Scholars who are willing to engage with the public choice critique have to do more than just assume that government agents act altruistically and with perfect information, or that businesses just want government to leave them alone. Government agents are flawed and often pursue their own self-interest, just like the rest of us. Businesses often want anything other than free markets, because free markets require them to constantly compete for consumers’ business. Some academics will adopt one of those viewpoints, but very few are willing to accept both of them as true, and yet their work fails to reflect reality because of it.

3.What are some of your biggest challenges as a libertarian in academia?

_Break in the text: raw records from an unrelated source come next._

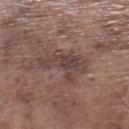<tbp_lesion>
<biopsy_status>not biopsied; imaged during a skin examination</biopsy_status>
<site>left lower leg</site>
<image>
  <source>total-body photography crop</source>
  <field_of_view_mm>15</field_of_view_mm>
</image>
<patient>
  <sex>male</sex>
  <age_approx>75</age_approx>
</patient>
</tbp_lesion>

Probably the biggest challenge to any libertarian is overcoming the strange assumption that we don’t care about people, rather than having a different view of what will make people better off. That obstacle bleeds over into academia, with many academics dismissing libertarian arguments because they incorrectly believe that those arguments are based on a premise that we shouldn’t care about how libertarian proposals affect the poor and disadvantaged. In some of my work, I argue that there are advantages to the possibility that innovation will soon outpace regulation, so that we wind up with a de-facto deregulated market. Many jump immediately to the conclusion that I’m okay with exploitation of consumers in that market, but I am always very clear that the reason I favor that market is because powerful business interests will be less able to exploit consumers.

Another challenge that I have is that academics, like the rest of society, often struggle with the notion that someone can agree with them on some things but not on others. Many academics are strong civil libertarians, meaning that I can quickly find common ground with them on the individual rights in a criminal context. Once we have moved beyond discussions of the War on Drugs or criminal defendants’ Fourth, Fifth, and Sixth Amendment rights, however, they are often confused how I can also believe that individuals should have stronger rights to their own property, or stronger rights against government intrusion into their economic lives. It can make for a very lonely existence, with colleagues who aren’t entirely sure how to react.

In some ways, though, that natural opposition and suspicion has some tremendous benefits. Every argument has to be that much better, because there isn’t a natural audience for it. Most interactions have to be approached with far more care, finding common ground early in order to set the stage for disagreements that come later. That process is exactly what most of our parents taught us at an early age, and it sometimes seems to be a lost art, but necessity may be keeping it alive.